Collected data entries
---

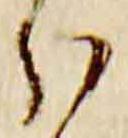
分
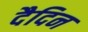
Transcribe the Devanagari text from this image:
दैदिन
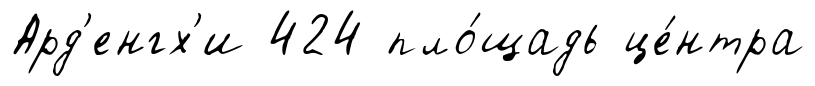
Ард'енгх'и 424 пло́щадь це́нтра
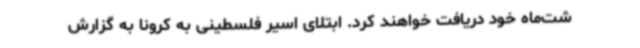
شت‌ماه خود دریافت خواهند کرد. ابتلای اسیر فلسطینی به کرونا به گزارش
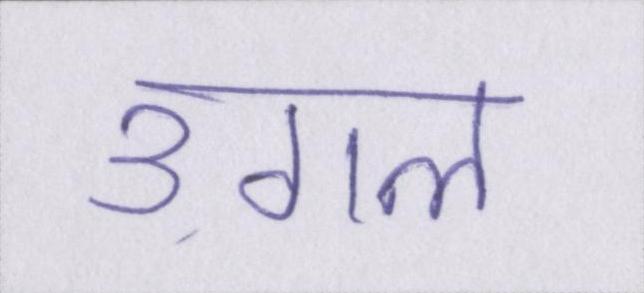
उगल
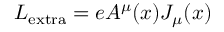
{ \cal { L } } _ { \mathrm { e x t r a } } = e A ^ { \mu } ( x ) J _ { \mu } ( x )
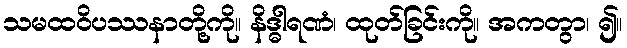
သမထဝိပဿနာတို့ကို။ နိဒ္ဓါရဏံ၊ ထုတ်ခြင်းကို။ အကတွာ၊ ၍။
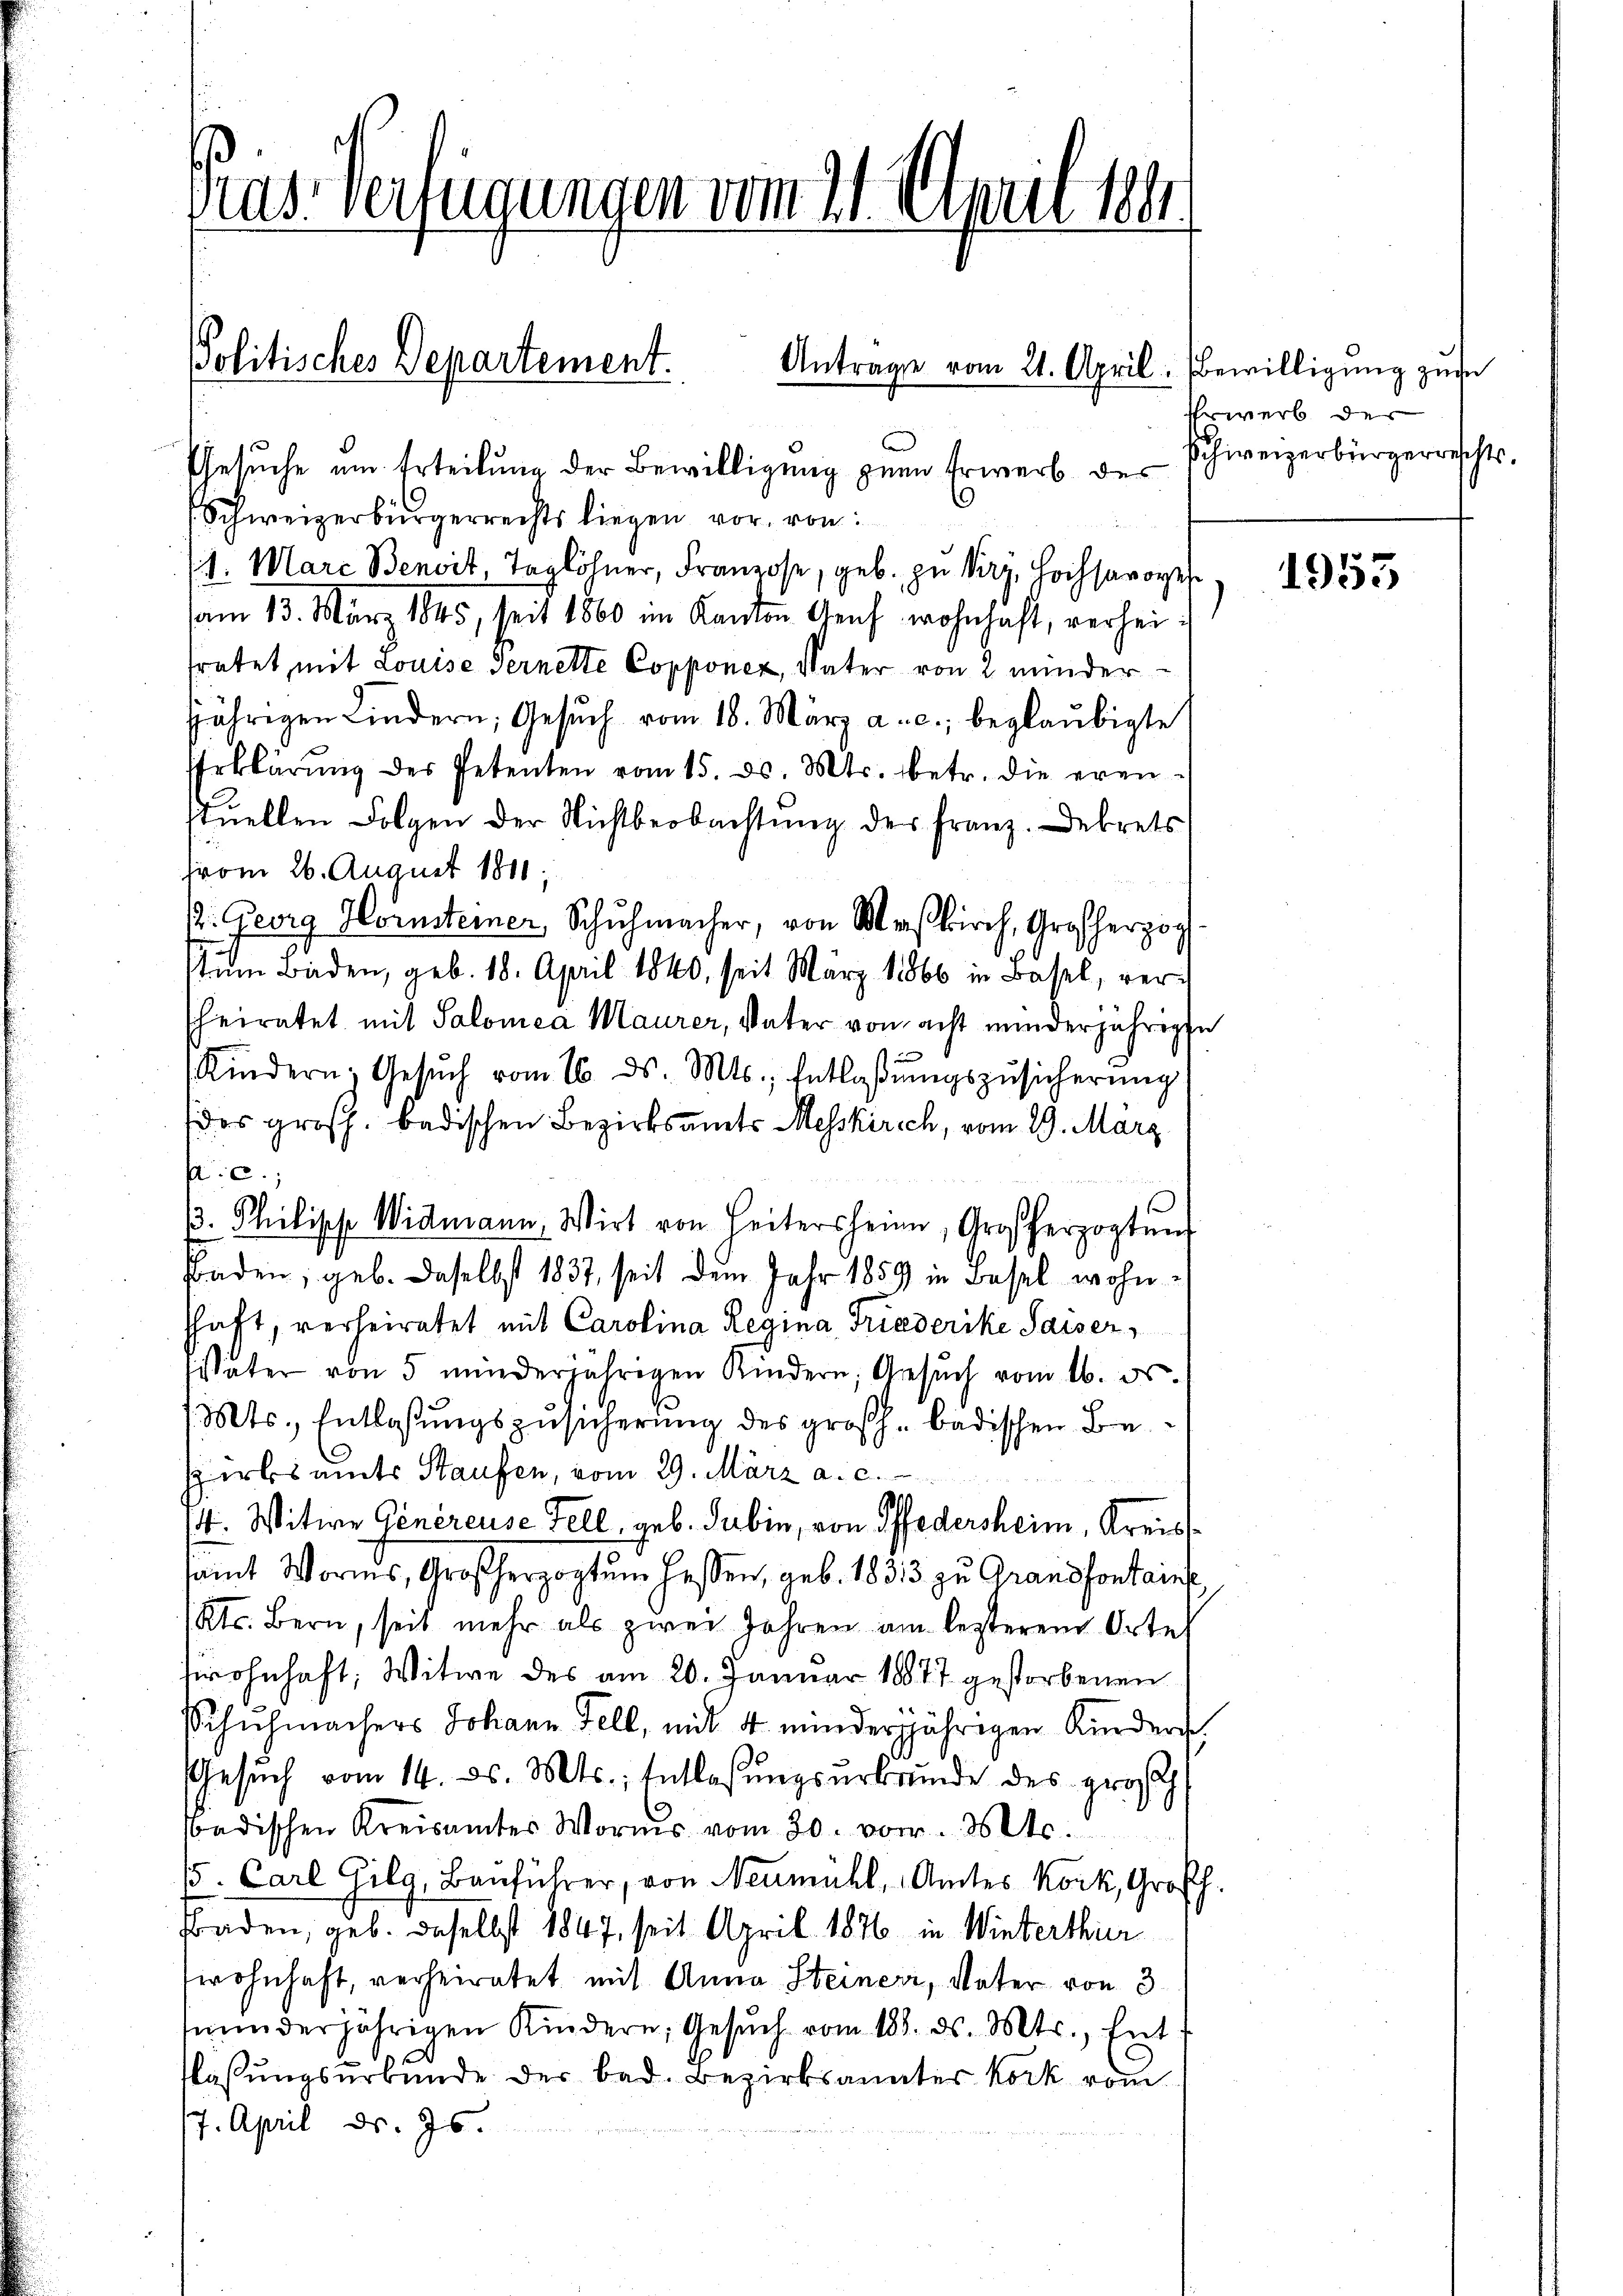
ras Verfügungen vom 21. Apuli 1881.

Politisches Departement.
¬

Gesuche um Erteilung der Bewilligung zum Erwerb des
Schweizerbürgerrechts liegen vor, von
(1. Mare Benoit, Taglöhner, Franzose, geb., zu kurz, Hochsavoye
am 13. März 1845, seit 1860 im Kanton Genf wohnhaft, verheifratet mit Louise Gernette Copponez, Vater von 2 minder
jährigen Lindern, Gesŭch vom 18. März a. c., beglaubigte
Erklärung des Petenten vom 15. d. Mts. betr. die erenstuellen Folgen der Nichtbeobachtŭng der Franz. Dekrets
vom 26. August 1811.
k. Georg Horsteiner Schŭhmacher, von Maskirch, Großherzog
tum Baden, geb. 18. April 1840, seit März 1866 in Basel, verheiratet mit Salomea Maurer, Vater von acht minderjährige
Kindern, Gesŭch vom 16. ds. Mts., Entlaβŭngszŭsicherŭng
des großh. badischen Bezirksamts Messkirch, vom 29. März
C.;
¬
/3. Philische Widmann, Wirt von Heitersheim, Großherzogtung
Baden, geb. Daselbst 1837, seit dem Jahr 1859 in Basel wohnschaft, verheiratet mit Carolina Regina Friederike Saiser,
später von 5 minderjährigen Kindern, Gesŭch vom 16. ds.
(Mts. Entlassungszusicherung des großh. badischen Be¬
Herbsamts Staufen, vom 29. März a. c.
4. Witwe Genereuse Fell, geb. Gubin, von Pffedersheim, Kreissamt Worms, Großherzogtum hassen, geb. 1833 zu Grandfontaine
(Kts. Bern, seit mehr als zwei Jahren am lezterem Orte
srohnhaft; Witwe des am 20. Januar 18877 gestorbenen
Schichmachers Johann Fell, mit 4 minderjährigen Kinders,
Gesŭch vom 14. ds. Mts., Entlassŭngserbrunde des grosch
Badischen Kreisamtes Worms vom 30. vor. Mts.
/5. Carl Gilg, Bauführer, von Neumühl, Amtes Kork, Großh.
Baden, geb. Daselbst 1847, seit April 1876 in Winterthur
wohnhaft, verheiratet mit Anna Steiner, Vater von 3
tminderjährigen Kindern, Gesuch vom 18. ds. Mts., hat
flassungsurkunde der bad. Bezirksanter Kork vom
7. April d. Js

Antrage vom 21. April. Bewilligung zu

Ehrwerb der
schweizerbürgerrechts.

1953

---

About this task
Retype the data above exactly. Do not carry over any images.

Reply to the exercise
分
Transcribe the Devanagari text from this image:
दैदिन
Ард'енгх'и 424 пло́щадь це́нтра
شت‌ماه خود دریافت خواهند کرد. ابتلای اسیر فلسطینی به کرونا به گزارش
उगल
{ \cal { L } } _ { \mathrm { e x t r a } } = e A ^ { \mu } ( x ) J _ { \mu } ( x )
သမထဝိပဿနာတို့ကို။ နိဒ္ဓါရဏံ၊ ထုတ်ခြင်းကို။ အကတွာ၊ ၍။
ras Verfügungen vom 21. Apuli 1881.

Politisches Departement.
¬

Gesuche um Erteilung der Bewilligung zum Erwerb des
Schweizerbürgerrechts liegen vor, von
(1. Mare Benoit, Taglöhner, Franzose, geb., zu kurz, Hochsavoye
am 13. März 1845, seit 1860 im Kanton Genf wohnhaft, verheifratet mit Louise Gernette Copponez, Vater von 2 minder
jährigen Lindern, Gesŭch vom 18. März a. c., beglaubigte
Erklärung des Petenten vom 15. d. Mts. betr. die erenstuellen Folgen der Nichtbeobachtŭng der Franz. Dekrets
vom 26. August 1811.
k. Georg Horsteiner Schŭhmacher, von Maskirch, Großherzog
tum Baden, geb. 18. April 1840, seit März 1866 in Basel, verheiratet mit Salomea Maurer, Vater von acht minderjährige
Kindern, Gesŭch vom 16. ds. Mts., Entlaβŭngszŭsicherŭng
des großh. badischen Bezirksamts Messkirch, vom 29. März
C.;
¬
/3. Philische Widmann, Wirt von Heitersheim, Großherzogtung
Baden, geb. Daselbst 1837, seit dem Jahr 1859 in Basel wohnschaft, verheiratet mit Carolina Regina Friederike Saiser,
später von 5 minderjährigen Kindern, Gesŭch vom 16. ds.
(Mts. Entlassungszusicherung des großh. badischen Be¬
Herbsamts Staufen, vom 29. März a. c.
4. Witwe Genereuse Fell, geb. Gubin, von Pffedersheim, Kreissamt Worms, Großherzogtum hassen, geb. 1833 zu Grandfontaine
(Kts. Bern, seit mehr als zwei Jahren am lezterem Orte
srohnhaft; Witwe des am 20. Januar 18877 gestorbenen
Schichmachers Johann Fell, mit 4 minderjährigen Kinders,
Gesŭch vom 14. ds. Mts., Entlassŭngserbrunde des grosch
Badischen Kreisamtes Worms vom 30. vor. Mts.
/5. Carl Gilg, Bauführer, von Neumühl, Amtes Kork, Großh.
Baden, geb. Daselbst 1847, seit April 1876 in Winterthur
wohnhaft, verheiratet mit Anna Steiner, Vater von 3
tminderjährigen Kindern, Gesuch vom 18. ds. Mts., hat
flassungsurkunde der bad. Bezirksanter Kork vom
7. April d. Js

Antrage vom 21. April. Bewilligung zu

Ehrwerb der
schweizerbürgerrechts.

1953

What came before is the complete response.